**WORK TO COMPLETE**
Work out how many lines in the records include the word "heavy", then answer with nothing but that number.

**INFORMATION SUPPLIED**
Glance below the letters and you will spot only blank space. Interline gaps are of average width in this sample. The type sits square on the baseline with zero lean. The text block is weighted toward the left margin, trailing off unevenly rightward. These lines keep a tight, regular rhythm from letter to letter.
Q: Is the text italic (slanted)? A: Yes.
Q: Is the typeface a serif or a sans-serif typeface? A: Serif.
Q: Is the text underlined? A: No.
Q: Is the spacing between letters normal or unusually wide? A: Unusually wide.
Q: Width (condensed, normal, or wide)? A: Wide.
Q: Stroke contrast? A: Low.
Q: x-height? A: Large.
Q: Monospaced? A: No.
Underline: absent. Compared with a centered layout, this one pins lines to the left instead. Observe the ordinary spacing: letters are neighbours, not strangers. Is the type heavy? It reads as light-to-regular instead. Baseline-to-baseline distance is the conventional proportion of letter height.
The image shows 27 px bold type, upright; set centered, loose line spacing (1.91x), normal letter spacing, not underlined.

==

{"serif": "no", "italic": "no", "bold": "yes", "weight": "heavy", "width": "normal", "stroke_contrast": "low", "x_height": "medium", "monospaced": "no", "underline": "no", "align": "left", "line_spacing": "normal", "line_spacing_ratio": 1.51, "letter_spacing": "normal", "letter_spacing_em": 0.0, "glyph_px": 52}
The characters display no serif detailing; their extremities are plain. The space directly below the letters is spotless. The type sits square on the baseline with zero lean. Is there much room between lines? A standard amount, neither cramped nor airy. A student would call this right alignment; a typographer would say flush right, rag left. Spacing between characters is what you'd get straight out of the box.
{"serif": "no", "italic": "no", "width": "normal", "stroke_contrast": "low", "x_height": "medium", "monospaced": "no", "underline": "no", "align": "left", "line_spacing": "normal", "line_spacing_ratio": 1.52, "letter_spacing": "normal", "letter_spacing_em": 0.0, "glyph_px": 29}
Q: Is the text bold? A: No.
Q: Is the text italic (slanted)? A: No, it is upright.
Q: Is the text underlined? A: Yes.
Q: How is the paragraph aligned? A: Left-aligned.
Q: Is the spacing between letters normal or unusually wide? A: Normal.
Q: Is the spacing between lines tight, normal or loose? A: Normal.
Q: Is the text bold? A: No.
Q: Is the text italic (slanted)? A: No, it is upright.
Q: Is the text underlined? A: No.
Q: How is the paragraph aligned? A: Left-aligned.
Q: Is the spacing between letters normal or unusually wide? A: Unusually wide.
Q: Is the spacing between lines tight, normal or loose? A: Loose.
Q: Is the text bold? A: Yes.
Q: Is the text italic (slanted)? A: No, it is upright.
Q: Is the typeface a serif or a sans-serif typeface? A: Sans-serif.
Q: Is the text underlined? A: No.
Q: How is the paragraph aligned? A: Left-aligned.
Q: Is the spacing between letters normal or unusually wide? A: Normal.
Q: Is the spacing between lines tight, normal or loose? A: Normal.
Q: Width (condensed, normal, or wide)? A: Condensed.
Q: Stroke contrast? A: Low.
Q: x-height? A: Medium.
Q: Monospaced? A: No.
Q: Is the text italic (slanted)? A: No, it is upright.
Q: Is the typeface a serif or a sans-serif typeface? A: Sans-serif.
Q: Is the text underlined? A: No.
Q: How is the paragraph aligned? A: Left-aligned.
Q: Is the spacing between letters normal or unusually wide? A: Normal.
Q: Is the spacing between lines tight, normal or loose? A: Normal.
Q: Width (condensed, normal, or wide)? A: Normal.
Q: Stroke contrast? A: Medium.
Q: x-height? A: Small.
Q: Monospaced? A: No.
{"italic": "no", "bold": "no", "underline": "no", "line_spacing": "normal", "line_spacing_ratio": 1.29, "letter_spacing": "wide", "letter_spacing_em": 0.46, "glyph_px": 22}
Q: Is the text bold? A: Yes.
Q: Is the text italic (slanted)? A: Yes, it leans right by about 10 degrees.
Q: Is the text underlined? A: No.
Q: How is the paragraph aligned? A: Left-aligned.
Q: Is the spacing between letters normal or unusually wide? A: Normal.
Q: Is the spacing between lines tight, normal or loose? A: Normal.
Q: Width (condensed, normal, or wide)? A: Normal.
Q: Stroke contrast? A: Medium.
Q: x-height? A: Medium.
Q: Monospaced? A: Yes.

**ANSWER SECTION**
2